Cheney also was holding talks with the No. 2 official at the Vatican, Secretary of State Cardinal Angelo Sodano.
Cheney presented the pope with a crystal dove, delivering greetings from U.S. President George W. Bush.


In a move that appeared to disconcert the Pontiff, Cheney immediately whipped out a hammer and smashed the crystal dove, declaring "see what happens to peace-lovers?  You want to wind up like the bird?  Huh?"

Cheney was escorted from the audience hall by members of the Swiss Guard, as he shouted "I'm not afraid of you, old man!  There's no spider hole deep enough to hide in!"

Asked later what could have provoked such behavior, Cheney's spokesman, Hal I. Burton, said that "First, I think the example of Libya speaks for itself:   The only language these strongmen understand is violence.  It's just like the Godfather movies, and the horse's head.  It's not personal, it's just business."

The Adminsitreation is reported to be in something of a tizzy over the incident, with Secretary of State Powell reportedly saying "He did what?!?  That schmuck - I'm going to have to spend the next month cleaning up after that knuckle-dragger."  On the other hand, Deputy Defense Secretary Paul Wolfowitz's office pointed out that just because the Vatican has not been shown to have WMD stockpiles does not mean that they aren't a threat to America's security.  "The Pope is the unelected tyrant of a theocracy that espouses a radical agenda of love and fellowship," according to the Pentagon, "And their outdated socialist economic model has clearly failed them.  We need to pre-empt these wafer-wielding weirdos before they … I don't know, consecrate a new cathedral or something."

National Security Advisor Condoleeza Rice's office refused to comment on the policy dispute, saying "it's not Dr.
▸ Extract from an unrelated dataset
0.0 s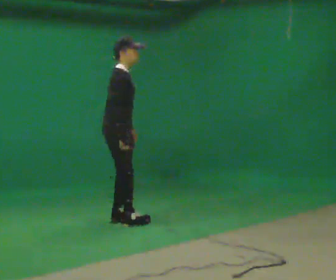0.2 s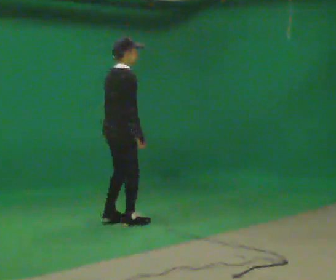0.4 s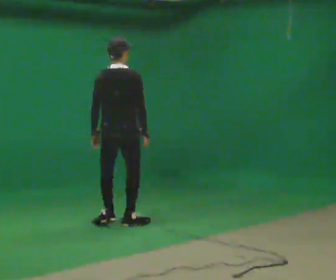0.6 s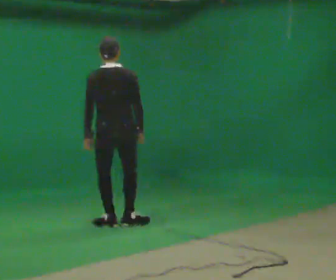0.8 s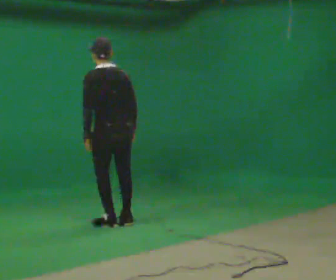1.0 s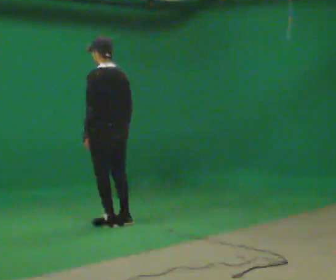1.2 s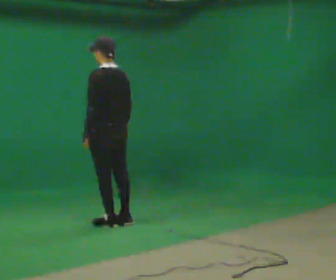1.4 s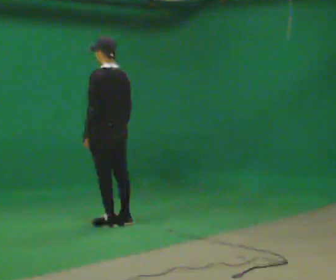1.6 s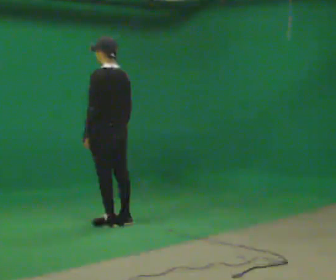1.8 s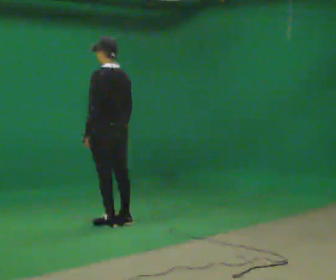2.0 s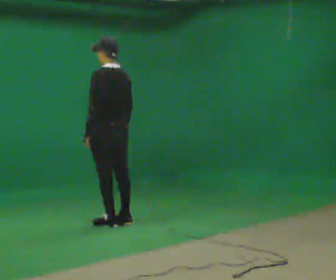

Rice's job to coordinate policy."  Asked what else the National Security Advisor did, an aide replied "Well, she likes to play piano, and she has to exercise constantly to maintain that figure… oh, you mean job-wise?  Let's just say explaining geography to the President is a full-time job, OK?"

Asked if there were any part of the Vatican apparatus that the Pentagon did not dislike, Wolfowitz's office replied "The Inquisition, the Index of forbidden books, and of course those cool hats."